THE FIVE KNOCKERS

By Eric Sordid

PART THREE

The Master is about to go and rescue Doctor Who at the behest of the Time Lords.

Flavia: “We have prepared an open-ended transmat booth.”

Master: “Sauce.”

Castellan: “Here is a recall device and the Seal of the High Council – it may help convince the Doctors of your true intentions.”

Seal: “Arf arf”.

Master: “Aren’t you going to wish me good luck?”

Borusa: “We wish you success.”

The Master steps into the booth, and fades away.

Castellan: “And now we wait.”

Borusa: “I would prefer to wait alone.”

Flavia: “Be like that then. Come on Castellan, let’s go and look at those Victorian underwear clips again.”

Castellan: “Mmmm… Isla St. Claire…”

The Second Doctor and the Brigadier are still wandering around the sullen misty moors.

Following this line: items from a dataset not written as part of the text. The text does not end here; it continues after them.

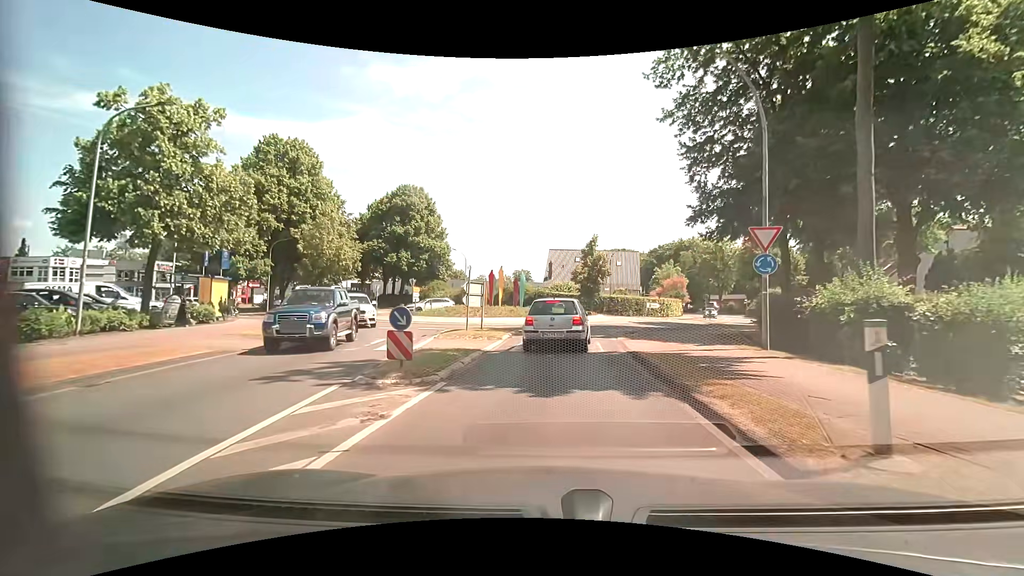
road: primary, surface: asphalt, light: Day
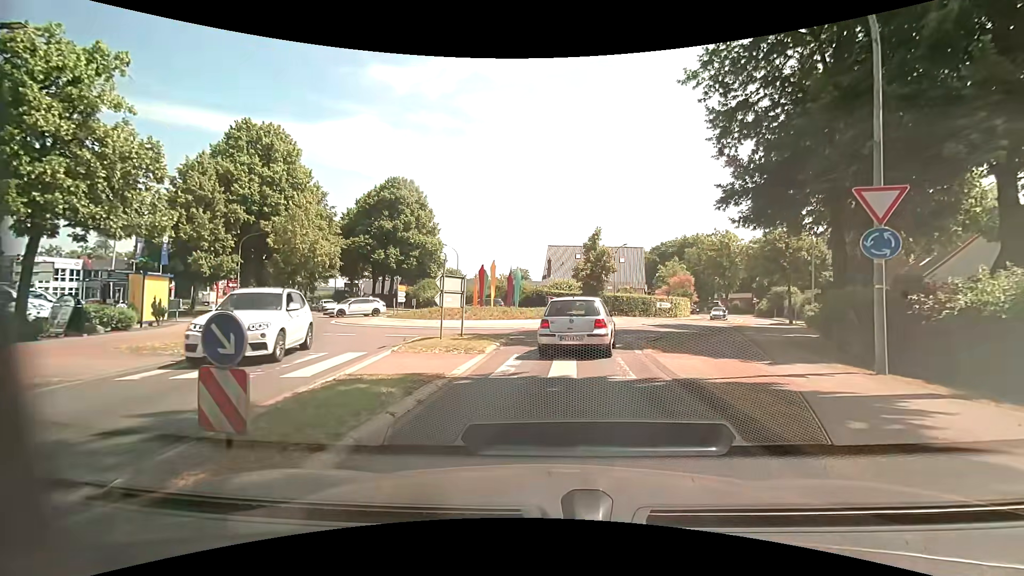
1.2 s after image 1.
(0.0, +4.6) m; +1°
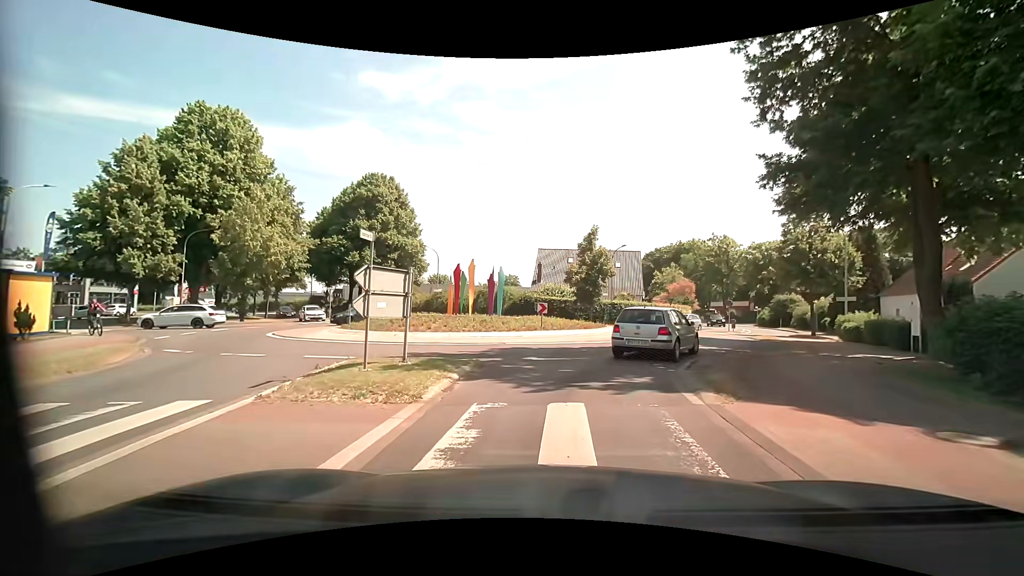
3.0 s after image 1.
(-0.1, +5.7) m; 0°
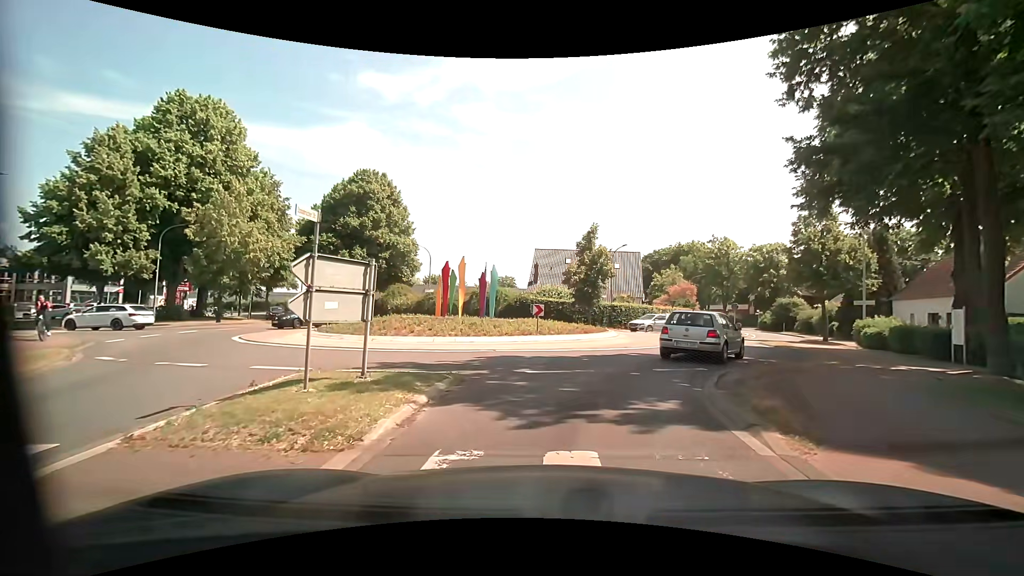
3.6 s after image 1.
(0.0, +2.3) m; 0°
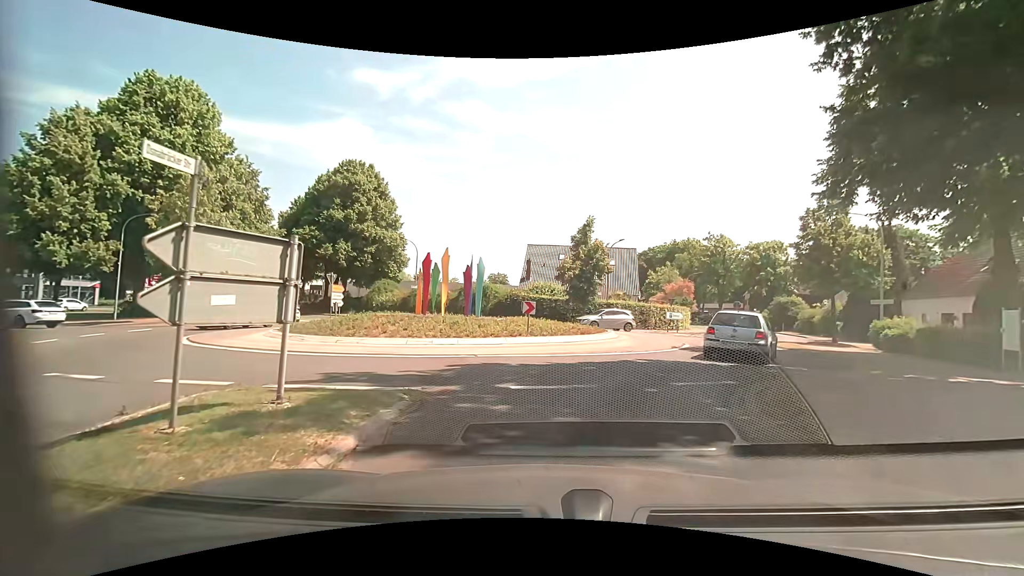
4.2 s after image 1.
(0.0, +2.5) m; +1°
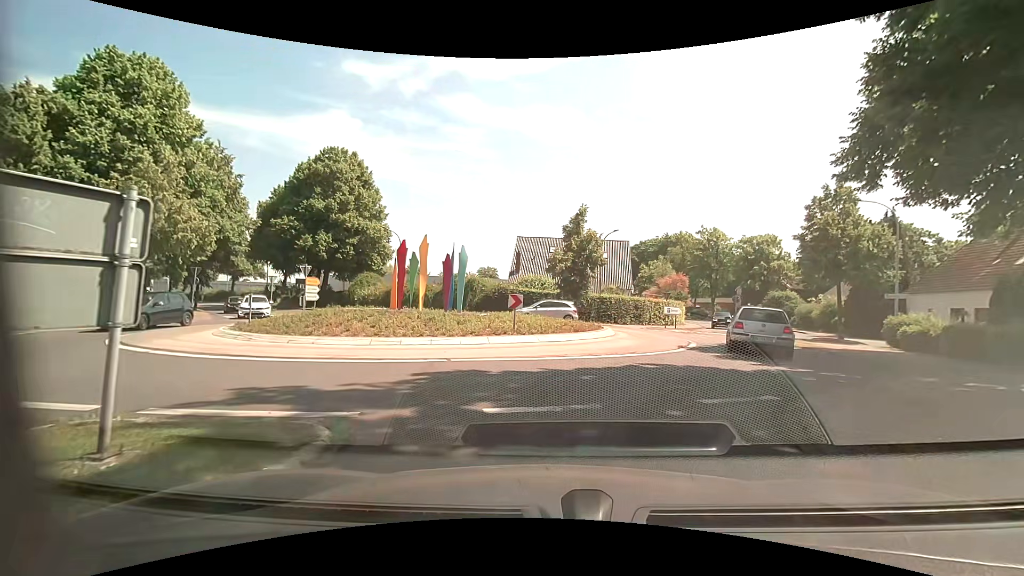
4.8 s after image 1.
(0.0, +2.2) m; 0°
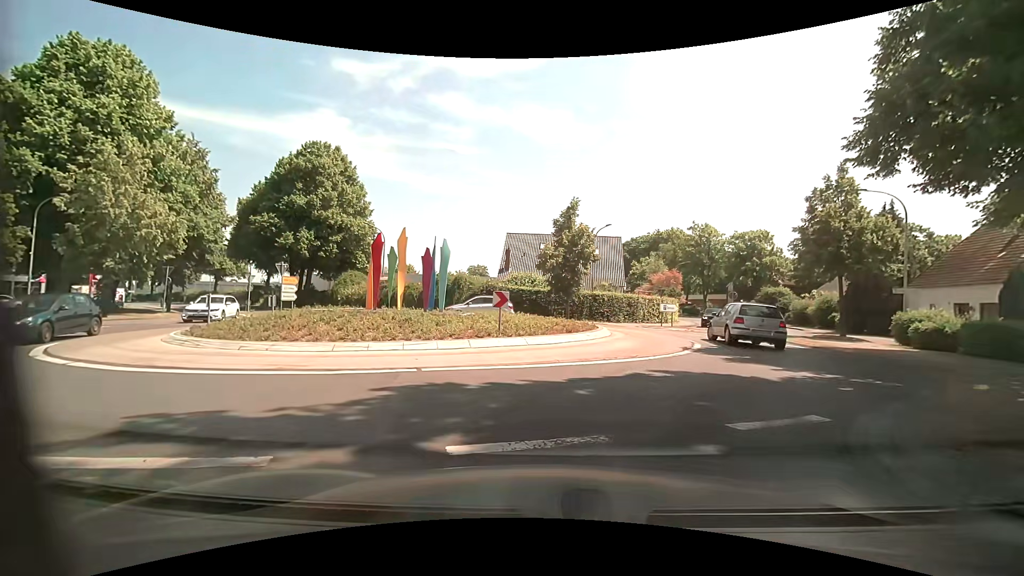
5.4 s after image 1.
(0.0, +1.5) m; +3°

Second Doctor: “It’s just as I feared – we’re in the Death Zone, on Gallifrey.”

Brig: “What are you on about?”

Second Doctor: “Back in the good old days… I mean the bad old days, my ancestor had tremendous powers, which they abused terribly.”

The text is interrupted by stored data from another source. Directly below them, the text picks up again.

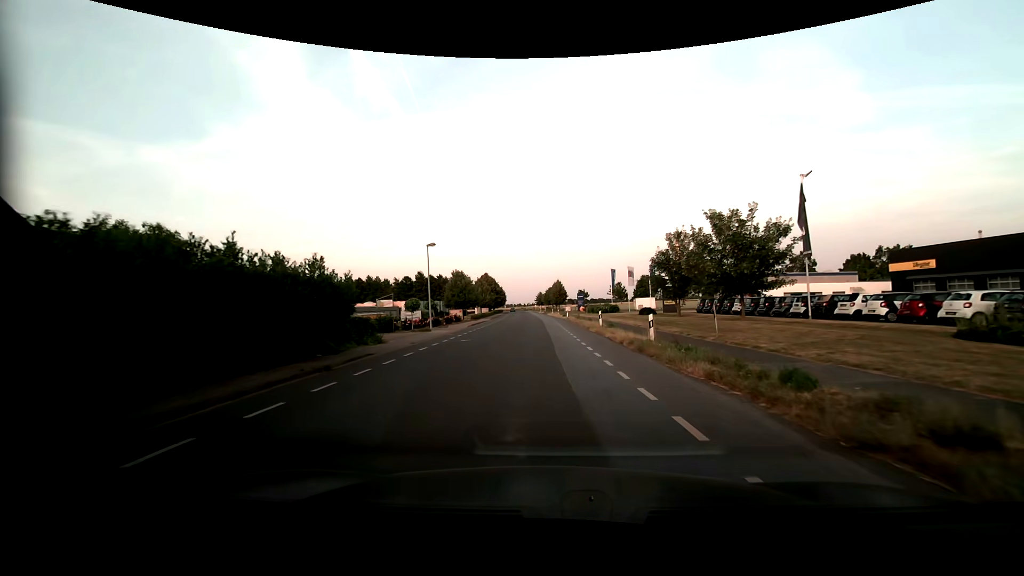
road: unclassified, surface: asphalt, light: Day
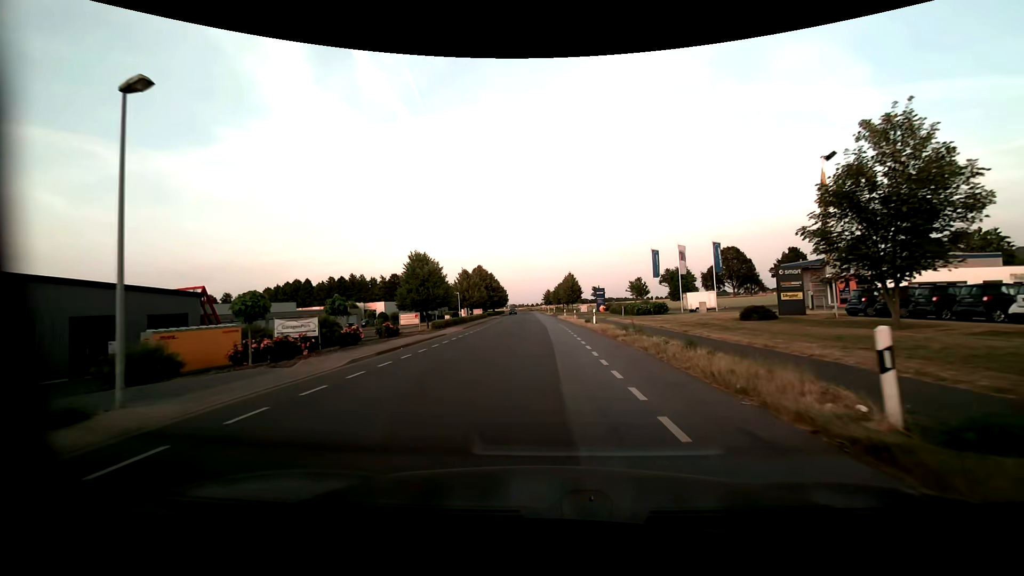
(-0.1, +25.4) m; -1°
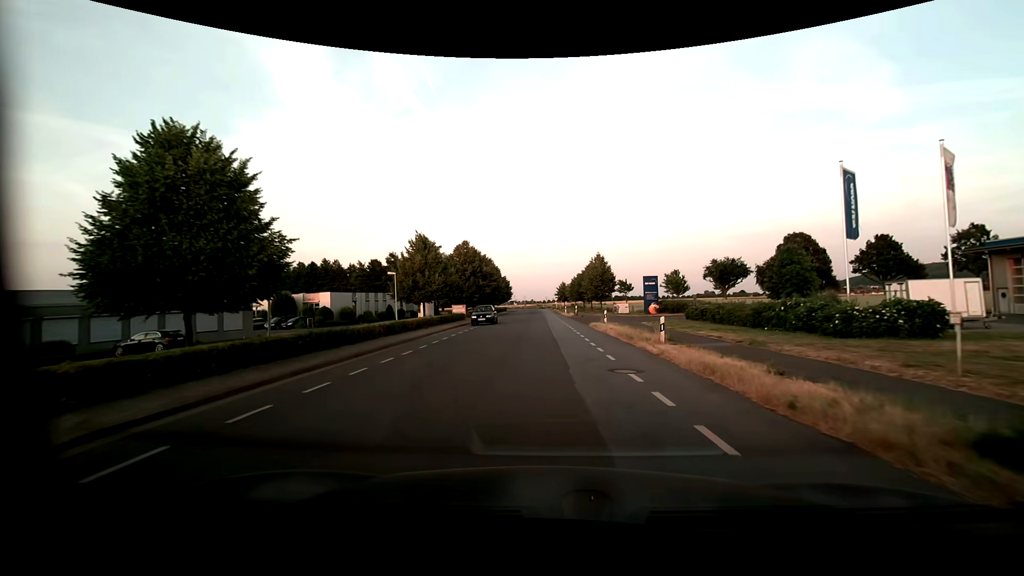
(-0.6, +31.7) m; -1°
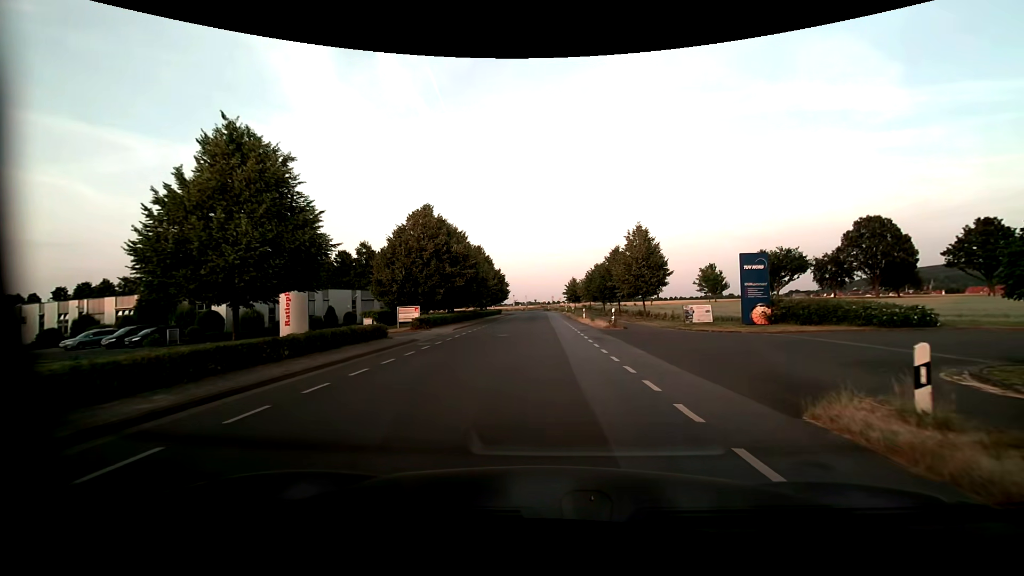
(-0.4, +24.7) m; -1°
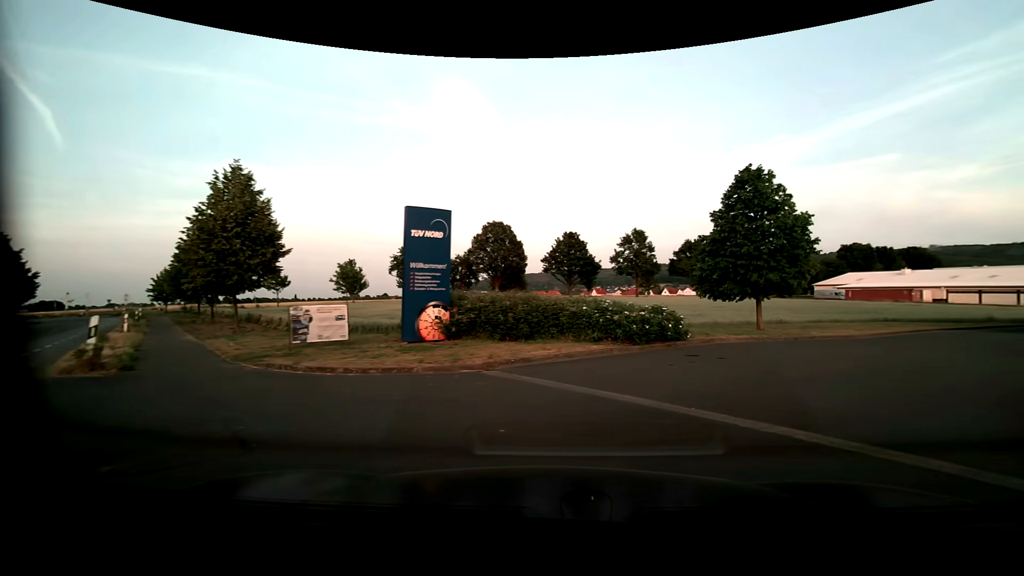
(+3.6, +15.4) m; +39°
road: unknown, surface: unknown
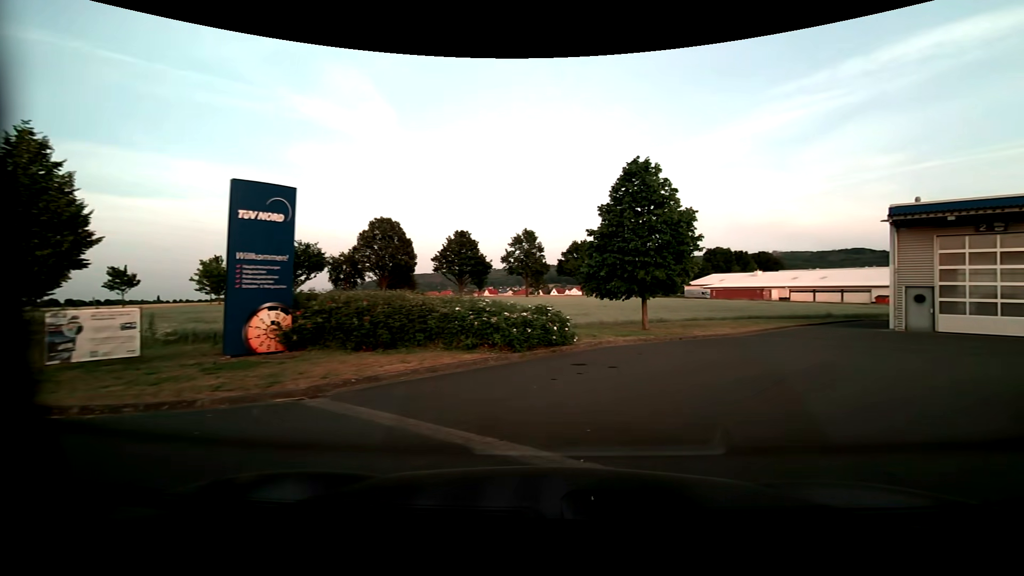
(+0.3, +2.4) m; +12°

Brig: “Well, we did too, if you remember. We used to get free drinks in the pubs in Wood Lane in exchange for snaps of Valerie Singleton in the bath.”

Second Doctor: “I’ve still got a few of them, you know, heh-heh-heh. Anyway, the Tower of Rassilon is in the middle of the zone – and that’s where we’re going.”

Brigadier: “Is that where Rassilon lives?”

Second Doctor: “Not quite, Brigadier – it’s his tomb. Come on, let’s ‘kick start’ our journey.”

Brigadier: “Groan.”

The Master arrives in the Zone. He finds a mangled corpse wearing a very lurid purple cloak.

Master: “One of my predecessors.”

Seal: “Arf”.

A thunderbolt zaps out of nowhere and blasts the ground near the black-hearted villain’s Adidas trainers.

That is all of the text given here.